Paulo Lacerda, ex-diretor da Abin, negou na CPI que a agência tivesse equipamentos de escuta | Fábio Rodrigues Pozzebom/ABr
Paulo Lacerda, ex-diretor da Abin, negou na CPI que a agência tivesse equipamentos de escuta (Foto: Fábio Rodrigues Pozzebom/ABr)

Sete dos 15 equipamentos da Agência Brasileira de Inteligência (Abin) têm poder de realizar grampos telefônicos. É o que mostra a auditoria do Exército feita nos equipamentos da agência. O levantamento e a auditoria, mantidos em sigilo, e assinados por três militares de alta patente, está em poder da CPI dos Grampos, na Câmara dos Deputados.

Na auditoria, o Exército afirma que um dos equipamentos tem função única e exclusiva de realizar escuta em telefones fixos. A Abin não poderia ter esse tipo de equipamento. A proibição legal às interceptações da agência é total. A Constituição, em seu artigo 5, diz que as quebras de sigilo só podem ocorrer para fins de investigação criminal, que não é o caso das ações da Abin. A Lei 9.296/1996 também diz que só autoridades policiais poderão fazer grampos e, sempre, autorizados pela Justiça. Na lei que criou a Abin, por sua vez, não há previsão de que a agência possa fazer escutas de qualquer natureza, mesmo ambiental.

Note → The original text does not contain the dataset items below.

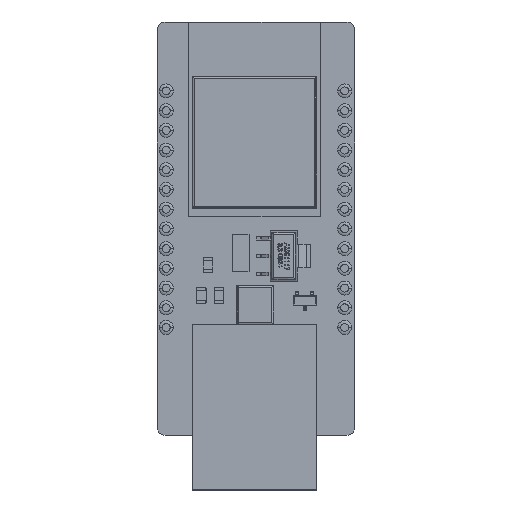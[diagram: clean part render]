
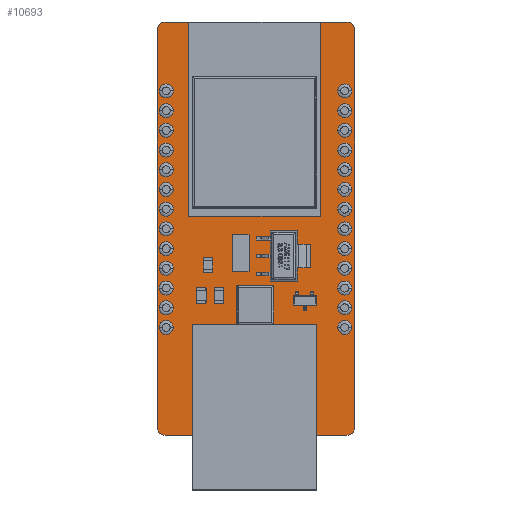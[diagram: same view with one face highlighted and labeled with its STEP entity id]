
A CAD part, top view. The second image highlights one B-rep face of the part: STEP entity #10693.
In plain terms, the highlighted planar face has unit normal (0, 0, 1).
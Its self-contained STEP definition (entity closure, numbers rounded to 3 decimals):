
#481 = LINE ( 'NONE', #3591, #2985 ) ;
#601 = FACE_OUTER_BOUND ( 'NONE', #12512, .T. ) ;
#610 = DIRECTION ( 'NONE',  ( 0., 0., -1. ) ) ;
#681 = DIRECTION ( 'NONE',  ( 0., 0., -1. ) ) ;
#1320 = LINE ( 'NONE', #12859, #2612 ) ;
#1907 = DIRECTION ( 'NONE',  ( 0., 0., 1. ) ) ;
#2073 = DIRECTION ( 'NONE',  ( -1., 0., 0. ) ) ;
#2135 = CARTESIAN_POINT ( 'NONE',  ( 0.7, -0.13, 1.6 ) ) ;
#2143 = EDGE_CURVE ( 'NONE', #21146, #18870, #14106, .T. ) ;
#2442 = CARTESIAN_POINT ( 'NONE',  ( -11., 23., 1.6 ) ) ;
#2612 = VECTOR ( 'NONE', #16607, 1000. ) ;
#2661 = DIRECTION ( 'NONE',  ( -0.707, -0.707, 0. ) ) ;
#2985 = VECTOR ( 'NONE', #16988, 1000. ) ;
#3035 = CIRCLE ( 'NONE', #4807, 1. ) ;
#3406 = DIRECTION ( 'NONE',  ( 0., 0., -1. ) ) ;
#3574 = EDGE_CURVE ( 'NONE', #5229, #18865, #19052, .T. ) ;
#3591 = CARTESIAN_POINT ( 'NONE',  ( -5.65, -29.26, 1.6 ) ) ;
#4394 = CARTESIAN_POINT ( 'NONE',  ( 12.4, -29.26, 1.6 ) ) ;
#4553 = ORIENTED_EDGE ( 'NONE', *, *, #19150, .F. ) ;
#4807 = AXIS2_PLACEMENT_3D ( 'NONE', #18827, #13683, #20305 ) ;
#5108 = ORIENTED_EDGE ( 'NONE', *, *, #2143, .F. ) ;
#5229 = VERTEX_POINT ( 'NONE', #8497 ) ;
#5279 = CARTESIAN_POINT ( 'NONE',  ( 12.4, 23., 1.6 ) ) ;
#5307 = DIRECTION ( 'NONE',  ( -0.707, -0.707, 0. ) ) ;
#5818 = EDGE_CURVE ( 'NONE', #14721, #12370, #7085, .T. ) ;
#6106 = DIRECTION ( 'NONE',  ( 0.707, -0.707, 0. ) ) ;
#6114 = AXIS2_PLACEMENT_3D ( 'NONE', #16104, #14456, #7258 ) ;
#6214 = DIRECTION ( 'NONE',  ( 0., 0., -1. ) ) ;
#6256 = CIRCLE ( 'NONE', #11529, 1. ) ;
#6729 = CARTESIAN_POINT ( 'NONE',  ( -11., 23., 1.6 ) ) ;
#7037 = EDGE_CURVE ( 'NONE', #18865, #12370, #6256, .T. ) ;
#7085 = LINE ( 'NONE', #15497, #14707 ) ;
#7258 = DIRECTION ( 'NONE',  ( 0.707, -0.707, 0. ) ) ;
#7381 = DIRECTION ( 'NONE',  ( 1., 0., 0. ) ) ;
#7502 = CARTESIAN_POINT ( 'NONE',  ( -11.707, 23.707, 1.6 ) ) ;
#7746 = AXIS2_PLACEMENT_3D ( 'NONE', #17721, #6214, #6106 ) ;
#7821 = CARTESIAN_POINT ( 'NONE',  ( 13.4, 24., 1.6 ) ) ;
#7828 = EDGE_CURVE ( 'NONE', #13411, #21146, #7879, .T. ) ;
#7879 = CIRCLE ( 'NONE', #6114, 1. ) ;
#8349 = CARTESIAN_POINT ( 'NONE',  ( 13.107, -28.967, 1.6 ) ) ;
#8497 = CARTESIAN_POINT ( 'NONE',  ( -12., 23., 1.6 ) ) ;
#9081 = ORIENTED_EDGE ( 'NONE', *, *, #17229, .F. ) ;
#9651 = CARTESIAN_POINT ( 'NONE',  ( 13.107, 23.707, 1.6 ) ) ;
#10139 = DIRECTION ( 'NONE',  ( -0.707, 0.707, 0. ) ) ;
#10176 = CARTESIAN_POINT ( 'NONE',  ( -11., -29.26, 1.6 ) ) ;
#10247 = VERTEX_POINT ( 'NONE', #21804 ) ;
#10693 = ADVANCED_FACE ( 'NONE', ( #601 ), #17328, .T. ) ;
#10816 = ORIENTED_EDGE ( 'NONE', *, *, #17685, .T. ) ;
#10845 = VERTEX_POINT ( 'NONE', #12568 ) ;
#10917 = CARTESIAN_POINT ( 'NONE',  ( 13.4, -28.26, 1.6 ) ) ;
#11102 = AXIS2_PLACEMENT_3D ( 'NONE', #2135, #1907, #7381 ) ;
#11106 = AXIS2_PLACEMENT_3D ( 'NONE', #15951, #21149, #2661 ) ;
#11529 = AXIS2_PLACEMENT_3D ( 'NONE', #2442, #681, #12648 ) ;
#11644 = AXIS2_PLACEMENT_3D ( 'NONE', #6729, #3406, #10139 ) ;
#11666 = CARTESIAN_POINT ( 'NONE',  ( -11., 24., 1.6 ) ) ;
#12370 = VERTEX_POINT ( 'NONE', #11666 ) ;
#12512 = EDGE_LOOP ( 'NONE', ( #18035, #10816, #13980, #4553, #13080, #17499, #13927, #17841, #9081, #14587, #17717, #5108 ) ) ;
#12543 = VECTOR ( 'NONE', #20969, 1000. ) ;
#12568 = CARTESIAN_POINT ( 'NONE',  ( -12., -28.26, 1.6 ) ) ;
#12648 = DIRECTION ( 'NONE',  ( -0.707, 0.707, 0. ) ) ;
#12859 = CARTESIAN_POINT ( 'NONE',  ( -12., -24.26, 1.6 ) ) ;
#13063 = EDGE_CURVE ( 'NONE', #5229, #10845, #1320, .T. ) ;
#13080 = ORIENTED_EDGE ( 'NONE', *, *, #5818, .T. ) ;
#13411 = VERTEX_POINT ( 'NONE', #10917 ) ;
#13683 = DIRECTION ( 'NONE',  ( 0., 0., -1. ) ) ;
#13927 = ORIENTED_EDGE ( 'NONE', *, *, #3574, .F. ) ;
#13980 = ORIENTED_EDGE ( 'NONE', *, *, #16359, .F. ) ;
#13985 = AXIS2_PLACEMENT_3D ( 'NONE', #14069, #20456, #5307 ) ;
#14069 = CARTESIAN_POINT ( 'NONE',  ( -11., -28.26, 1.6 ) ) ;
#14106 = CIRCLE ( 'NONE', #7746, 1. ) ;
#14456 = DIRECTION ( 'NONE',  ( 0., 0., -1. ) ) ;
#14587 = ORIENTED_EDGE ( 'NONE', *, *, #16158, .F. ) ;
#14707 = VECTOR ( 'NONE', #2073, 1000. ) ;
#14721 = VERTEX_POINT ( 'NONE', #15392 ) ;
#15392 = CARTESIAN_POINT ( 'NONE',  ( 12.4, 24., 1.6 ) ) ;
#15398 = CIRCLE ( 'NONE', #18198, 1. ) ;
#15497 = CARTESIAN_POINT ( 'NONE',  ( -12., 24., 1.6 ) ) ;
#15518 = EDGE_CURVE ( 'NONE', #21562, #18870, #481, .T. ) ;
#15951 = CARTESIAN_POINT ( 'NONE',  ( -11., -28.26, 1.6 ) ) ;
#16104 = CARTESIAN_POINT ( 'NONE',  ( 12.4, -28.26, 1.6 ) ) ;
#16158 = EDGE_CURVE ( 'NONE', #21562, #10247, #21382, .T. ) ;
#16359 = EDGE_CURVE ( 'NONE', #18422, #19909, #15398, .T. ) ;
#16607 = DIRECTION ( 'NONE',  ( 0., -1., 0. ) ) ;
#16988 = DIRECTION ( 'NONE',  ( 1., 0., 0. ) ) ;
#17229 = EDGE_CURVE ( 'NONE', #10247, #10845, #18508, .T. ) ;
#17328 = PLANE ( 'NONE',  #11102 ) ;
#17499 = ORIENTED_EDGE ( 'NONE', *, *, #7037, .F. ) ;
#17685 = EDGE_CURVE ( 'NONE', #13411, #19909, #18967, .T. ) ;
#17717 = ORIENTED_EDGE ( 'NONE', *, *, #15518, .T. ) ;
#17721 = CARTESIAN_POINT ( 'NONE',  ( 12.4, -28.26, 1.6 ) ) ;
#17841 = ORIENTED_EDGE ( 'NONE', *, *, #13063, .T. ) ;
#18035 = ORIENTED_EDGE ( 'NONE', *, *, #7828, .F. ) ;
#18198 = AXIS2_PLACEMENT_3D ( 'NONE', #5279, #610, #20315 ) ;
#18422 = VERTEX_POINT ( 'NONE', #9651 ) ;
#18508 = CIRCLE ( 'NONE', #11106, 1. ) ;
#18827 = CARTESIAN_POINT ( 'NONE',  ( 12.4, 23., 1.6 ) ) ;
#18865 = VERTEX_POINT ( 'NONE', #7502 ) ;
#18870 = VERTEX_POINT ( 'NONE', #4394 ) ;
#18967 = LINE ( 'NONE', #7821, #12543 ) ;
#19052 = CIRCLE ( 'NONE', #11644, 1. ) ;
#19150 = EDGE_CURVE ( 'NONE', #14721, #18422, #3035, .T. ) ;
#19909 = VERTEX_POINT ( 'NONE', #20958 ) ;
#20305 = DIRECTION ( 'NONE',  ( 0.707, 0.707, 0. ) ) ;
#20315 = DIRECTION ( 'NONE',  ( 0.707, 0.707, 0. ) ) ;
#20456 = DIRECTION ( 'NONE',  ( 0., 0., -1. ) ) ;
#20958 = CARTESIAN_POINT ( 'NONE',  ( 13.4, 23., 1.6 ) ) ;
#20969 = DIRECTION ( 'NONE',  ( 0., 1., 0. ) ) ;
#21146 = VERTEX_POINT ( 'NONE', #8349 ) ;
#21149 = DIRECTION ( 'NONE',  ( 0., 0., -1. ) ) ;
#21382 = CIRCLE ( 'NONE', #13985, 1. ) ;
#21562 = VERTEX_POINT ( 'NONE', #10176 ) ;
#21804 = CARTESIAN_POINT ( 'NONE',  ( -11.707, -28.967, 1.6 ) ) ;

No laudo encaminhado pelo ministro da Defesa, Nelson Jobim, à CPI dos Grampos, o Exército atesta ainda que outros dois dos 15 equipamentos podem ser utilizados também para grampo telefônico – não há especificação se o grampo ocorreria em telefone fixo ou celular. Mas, para funcionar, precisariam ser usados em conjunto com receptores. No mesmo documento sigiloso, o Exército ainda concluiu que outros quatro aparelhos adquiridos para monitoramento ambiental também servem para o mesmo fim, novamente desde que usados com receptores.

Depoimento desmentido

Em agosto, ao depor na CPI, o então diretor-geral da Abin, Paulo Lacerda (afastado posteriormente de suas funções pelo presidente Luiz Inácio Lula da Silva), negou que a agência realizasse escutas. "A Abin, por não ter o mandato legal de realizar escutas telefônicas, aboliu completamente esse tipo de conduta. Então, nós não temos nem telefônica, nem ambiental, nem em qualquer outro tipo de comunicação", afirmou Lacerda.

A polêmica em torno da realização de escutas veio à tona, em setembro, com a revelação de que uma conversa entre o presidente do Supremo Tribunal Federal (STF), ministro Gilmar Mendes, e o senador Demóstenes Torres (DEM-GO) foi grampeada.

A suspeita é de que o grampo possa ter sido feito por agentes da Abin que trabalharam clandestinamente na Operação Satiagraha, comandada pelo delegado Protógenes Queiroz, da PF. No último fim de semana, tornou-se pública uma gravação em que Protógenes admitiu ter investigado o STF no período em que Mendes concedeu dois habeas corpus para livrar o banqueiro Daniel Dantas, do Grupo Opportunity, da prisão. Dantas foi preso pela PF durante a Satiagraha.

Integrantes da CPI suspeitam que a Abin pode ter adquirido equipamentos de grampo por meio do cartão corporativo. O escândalo com uso irregular de cartões foi revelado no início do ano. Os deputados prometem pedir que o Ministério Público Federal investigue o caso.

Outros documentos sigilosos também estão em poder da CPI. Entre os documentos à disposição da comissão está o que mostra quais equipamentos foram comprados pela Abin, através da Comissão de Compras do Exército, em Washington (EUA). A lista, também enviada por Jobim ao Congresso, se refere apenas a 2005. A CPI agora quer que o governo revele os dados referentes aos anos de 2006, 2007 e 2008.